Doch es gab für sie und ihren Mann auch wunderschöne Momente mit den neuen Bekannten. Zum Beispiel jenen, als sich Roberts Bruder Bartosz und dessen Lebensgefährtin Dorota das Ja-Wort in Kalbe gaben - und als dann der erste Nachwuchs auf die Welt kam. Schmidts waren immer dabei.

Inwischen nehmen sowohl Roberts Mutter als auch seine Schwägerin Dorota an einem Deutschkurs teil. Sein berufstätiger Bruder hat sich die Sprache quasi selbst beigebracht. Sein Vater hingegen hatte dazu bisher kaum Gelegenheit. Beide Männer arbeiten in einem Kalbenser Betrieb. Und auch Robert, der mal Kfz-Mechaniker werden möchte, hofft, bald praktische Erfahrungen sammeln zu dürfen. Er, der trotz seiner inzwischen guten Deutschkenntnisse nicht in allen Unterrichtsfächern alles nachholen konnte, möchte ab dem kommenden Schuljahr die Möglichkeit des sogenannten produktiven Lernens nutzen. Dabei erfährt er ebenfalls die Unterstützung des Ehepaares Schmidt.

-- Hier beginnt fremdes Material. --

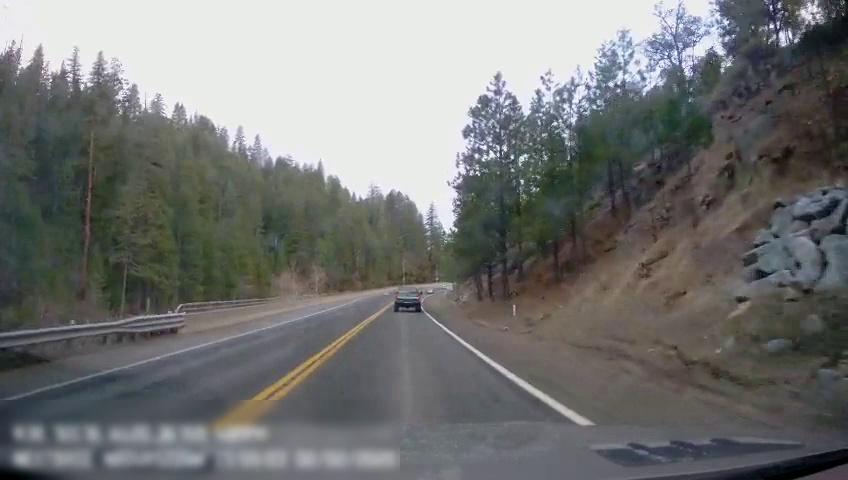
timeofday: Day
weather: Sunny
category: Drivable Space
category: Vehicles | Truck
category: Lanes | Current Lane
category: Lanes | Current Lane
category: Lanes | Alternate Lane
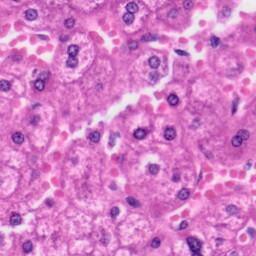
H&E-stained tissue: Liver

Aber auch Robert konnte dank seiner Zweisprachigkeit schon helfen. So begleitete er im Herbst den Kalbenser Jürgen Nikolaus bei einer mehrtägigen Polen-Reise. Nikolaus wollte sich auf die Spuren seiner Vorfahren begeben und war im Vorfeld eher durch Zufall auf den Jugendlichen und dessen Familie aufmerksam geworden. Ohne den jungen Übersetzer an seiner Seite wäre der 68-Jährige bei seinen Recherchen in Polen aber kaum so gut vorangekommen. Am Ende waren sowohl Jürgen Nikolaus als auch Robert Szramke glücklich. Denn der genoss natürlich den Kurzaufenthalt in seiner alten Heimat - auch wenn er sich inzwischen kaum noch vorstellen kann, wieder ständig dort zu leben. Im Gegensatz zu seinen Eltern.

"Die Polen haben einen ganz anderen Familienzusammenhalt."

Gerade sind er und seine Familie wieder von einem Feiertagsurlaub aus Polen zurückgekehrt. Und natürlich, so sagt der 14-Jährige, sei es dort wieder sehr schön gewesen. Das liege aber in erster Linie an den Angehörigen, die dort nach wie vor leben würden, weniger am Land selbst.

"Die Polen", so wissen Elisabeth und Hans Schmidt, "haben einen ganz anderen Familienzusammenhalt als die Deutschen." Aber irgendwie gehören auch sie selbst längst für Robert und Co. zur Familie.